In [1]:
# for Importing the Dataset
import pandas as pd

In [5]:
# lets read the dataset
data = pd.read_csv('amazon_alexa.tsv', delimiter = '\t')

# lets check the shape of the dataset
data.shape

(3150, 5)

In [6]:
# lets check the head of the dataset
data.head()

Unnamed: 0,rating,date,variation,verified_reviews,feedback
0,5,31-Jul-18,Charcoal Fabric,Love my Echo!,1
1,5,31-Jul-18,Charcoal Fabric,Loved it!,1
2,4,31-Jul-18,Walnut Finish,"Sometimes while playing a game, you can answer...",1
3,5,31-Jul-18,Charcoal Fabric,I have had a lot of fun with this thing.
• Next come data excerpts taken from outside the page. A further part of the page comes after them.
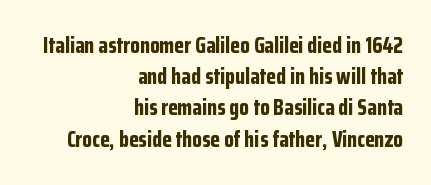
Students, observe: this is what conventionally led text looks like. Short note: letters normally spaced. You can tell it's not italic because the verticals are truly vertical. The lines are quadded right. A full-strength bold gives these letters their thick strokes.
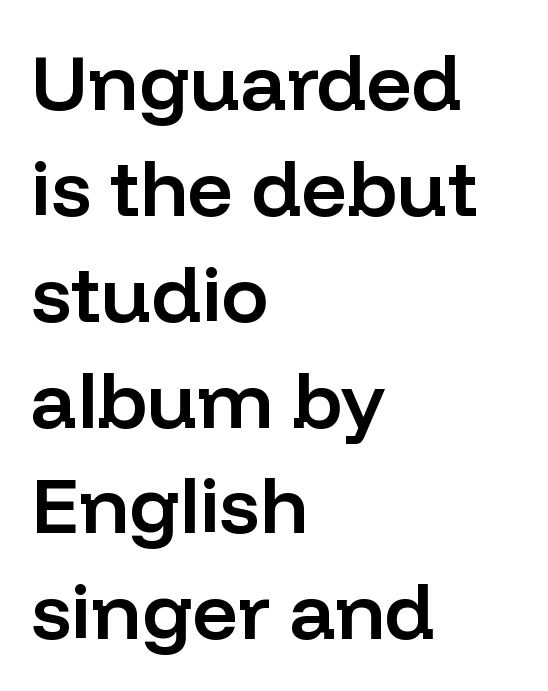
A classic flush-left, rag-right setting is used for this passage. Ascenders rise straight up at ninety degrees. The gap between lines stays unmarked. Characters follow at the spacing the type designer built in. A typesetter would call this proportional, since set widths differ per character.
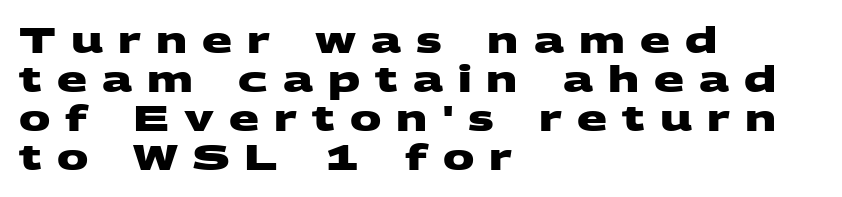
{"serif": "no", "bold": "yes", "weight": "heavy", "width": "wide", "stroke_contrast": "medium", "x_height": "large", "monospaced": "no", "underline": "no", "align": "left", "line_spacing": "tight", "line_spacing_ratio": 1.11, "letter_spacing": "wide", "letter_spacing_em": 0.43, "glyph_px": 35}

My 4 ...,1
4,5,31-Jul-18,Charcoal Fabric,Music,1


In [7]:
# cleaning the texts
# importing the libraries for Natural Language Processing

import re
import nltk
nltk.download('stopwords')
from nltk.corpus import stopwords
from nltk.stem.porter import PorterStemmer

[nltk_data] Downloading package stopwords to C:\Users\Abdelrahman
[nltk_data]     Ragab\AppData\Roaming\nltk_data...
[nltk_data]   Package stopwords is already up-to-date!


In [14]:
## Cleaning the Data

corpus = []

for i in range(0, 3150):
    # USE re.sub() TO REPLACE PATTERNS IN STRINGS # [^a-zA-Z] means any character that IS NOT a-z OR A-Z
    review = re.sub('[^a-zA-Z]', ' ', data['verified_reviews'][i])  ## Removing all Unecessary items 
    review = review.lower()                                         ## Converting into Lower Case
    review = review.split()
    ps = PorterStemmer()                                            ## Stemming
    review = [ps.stem(word) for word in review if not word in set(stopwords.words('english'))]  ## Removing Stopwords
    review = ' '.join(review)
    corpus.append(review)

### Bag of Words

The bag-of-words model is a simplifying representation used in natural language processing and information retrieval (IR). In this model, a text (such as a sentence or a document) is represented as the bag (multiset) of its words, disregarding grammar and even word order but keeping multiplicity.

In [16]:
# creating bag of words
from sklearn.feature_extraction.text import CountVectorizer

cv = CountVectorizer(max_features = 2500)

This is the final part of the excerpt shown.